SOURCE RECORDS START
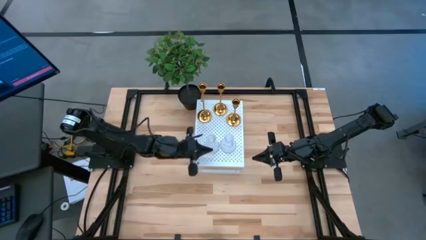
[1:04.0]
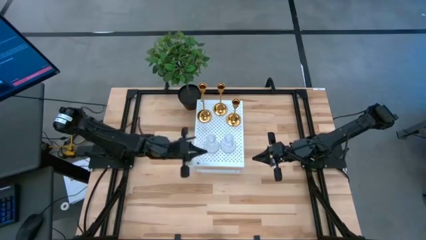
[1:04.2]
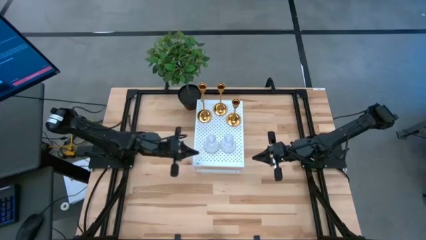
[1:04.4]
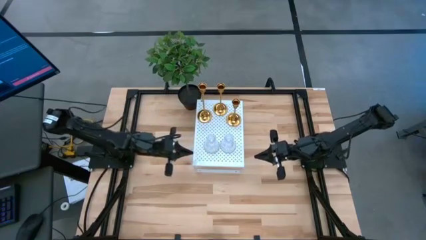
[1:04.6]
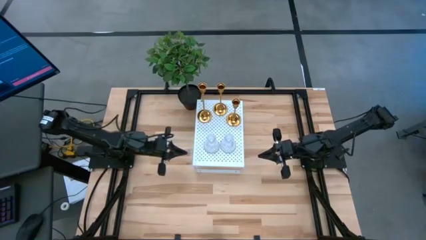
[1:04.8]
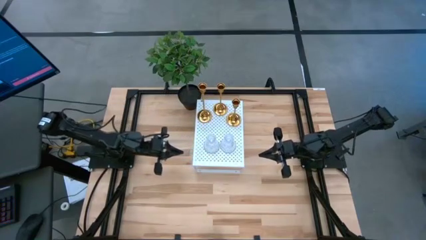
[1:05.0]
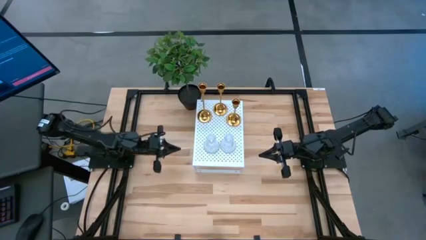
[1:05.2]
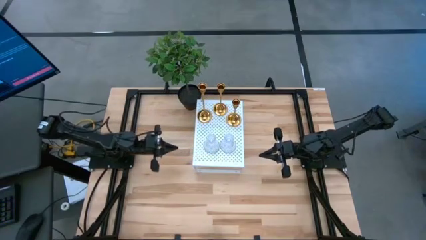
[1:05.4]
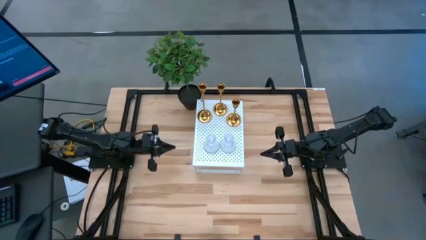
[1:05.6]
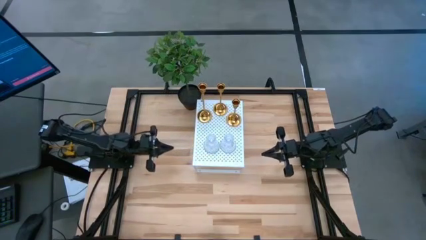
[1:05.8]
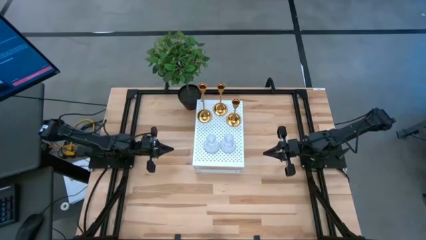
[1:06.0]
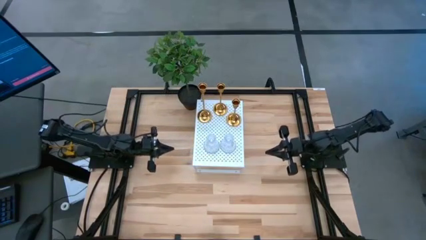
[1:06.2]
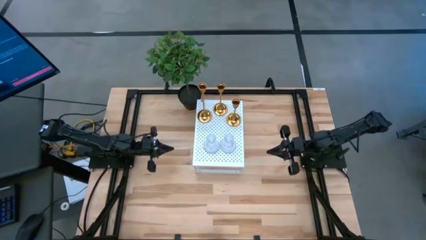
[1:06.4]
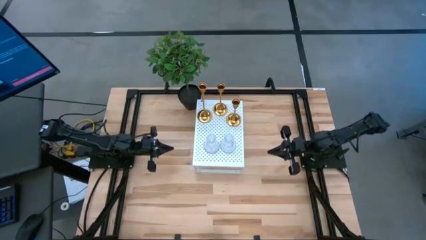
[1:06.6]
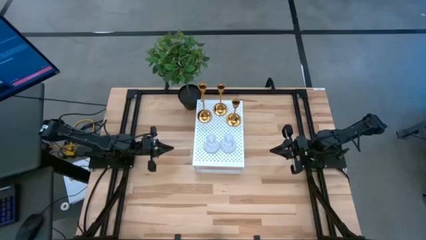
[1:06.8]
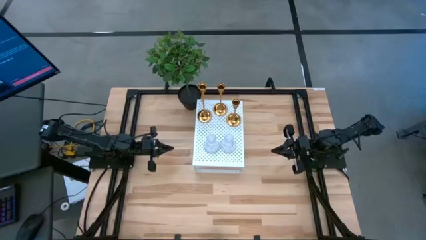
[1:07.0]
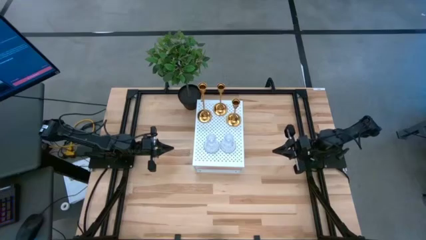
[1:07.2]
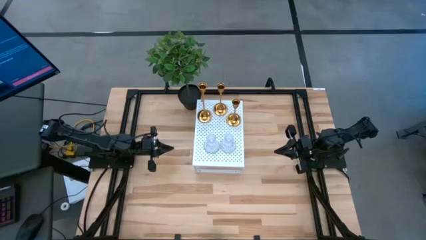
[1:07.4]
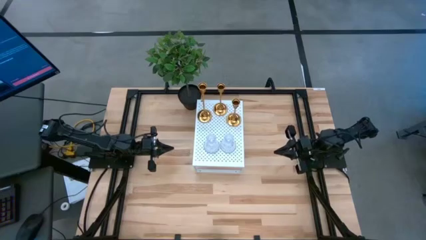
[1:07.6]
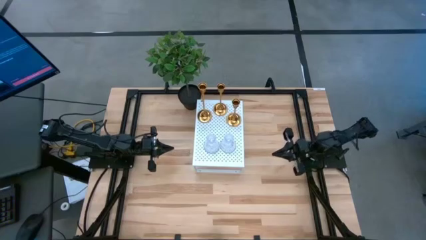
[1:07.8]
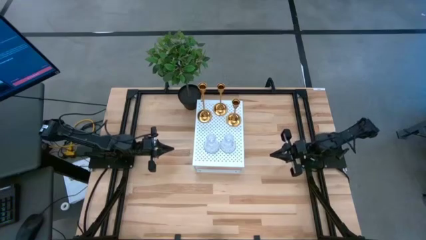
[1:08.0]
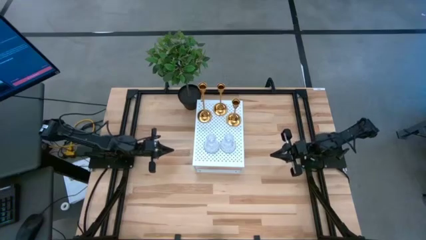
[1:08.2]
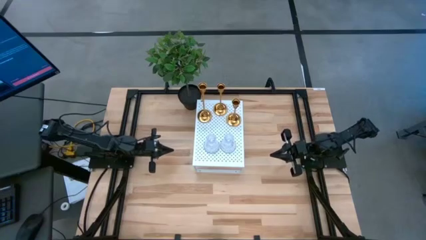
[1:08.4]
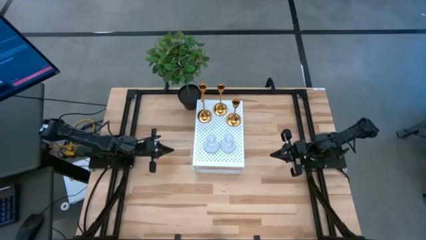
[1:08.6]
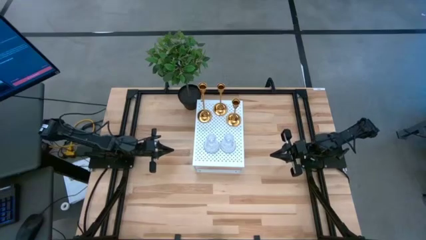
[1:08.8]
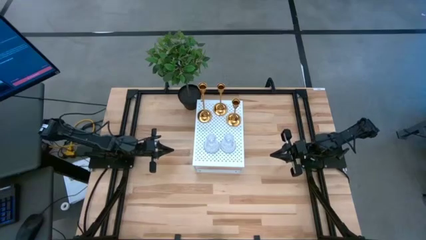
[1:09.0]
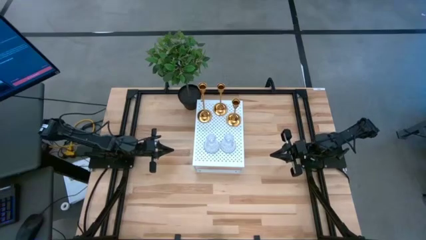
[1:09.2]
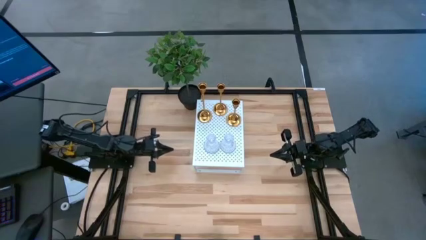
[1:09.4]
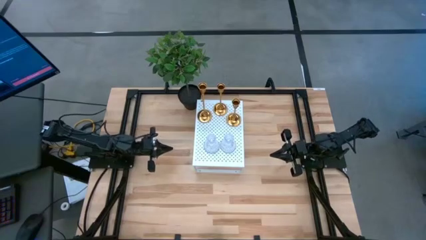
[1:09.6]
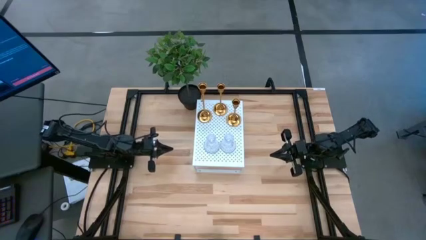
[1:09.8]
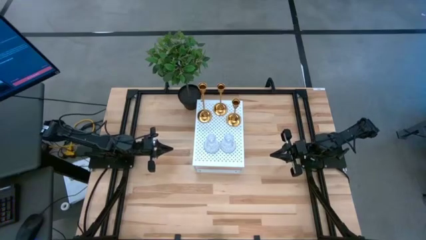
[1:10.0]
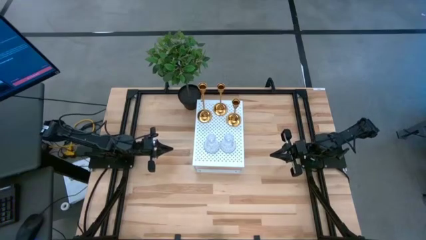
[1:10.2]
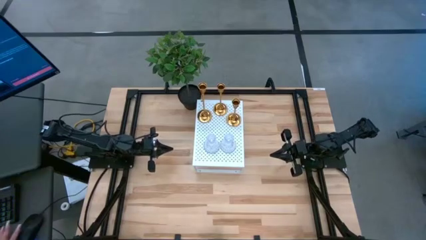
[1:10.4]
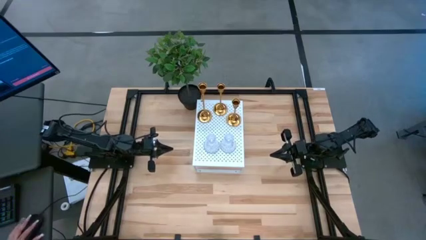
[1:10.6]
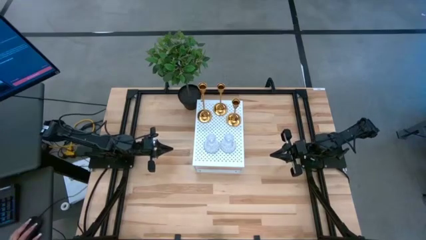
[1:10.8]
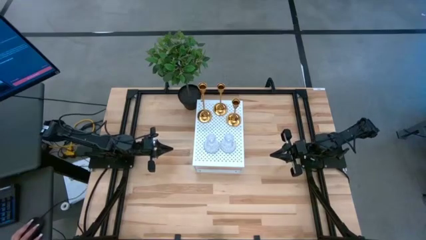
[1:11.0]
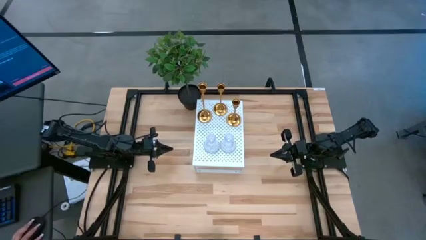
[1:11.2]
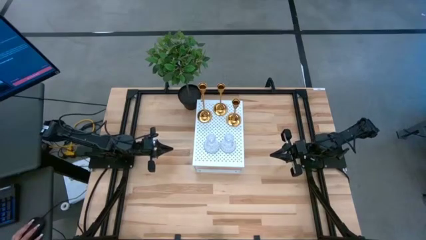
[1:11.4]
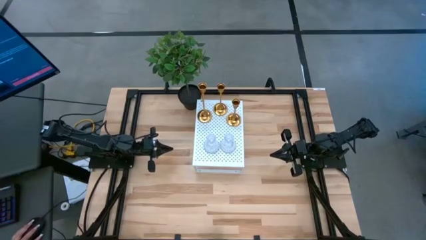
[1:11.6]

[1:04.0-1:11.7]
Task: Pick & Place candle stick holders
Return to Home Position
SOURCE RECORDS END
__EXERCISE REQUIREMENTS__: Set all of the records down once more, letter for letter, with the images removed.

__SOLUTION BELOW__:
[1:04.0]
[1:04.2]
[1:04.4]
[1:04.6]
[1:04.8]
[1:05.0]
[1:05.2]
[1:05.4]
[1:05.6]
[1:05.8]
[1:06.0]
[1:06.2]
[1:06.4]
[1:06.6]
[1:06.8]
[1:07.0]
[1:07.2]
[1:07.4]
[1:07.6]
[1:07.8]
[1:08.0]
[1:08.2]
[1:08.4]
[1:08.6]
[1:08.8]
[1:09.0]
[1:09.2]
[1:09.4]
[1:09.6]
[1:09.8]
[1:10.0]
[1:10.2]
[1:10.4]
[1:10.6]
[1:10.8]
[1:11.0]
[1:11.2]
[1:11.4]
[1:11.6]

[1:04.0-1:11.7]
Task: Pick & Place candle stick holders
Return to Home Position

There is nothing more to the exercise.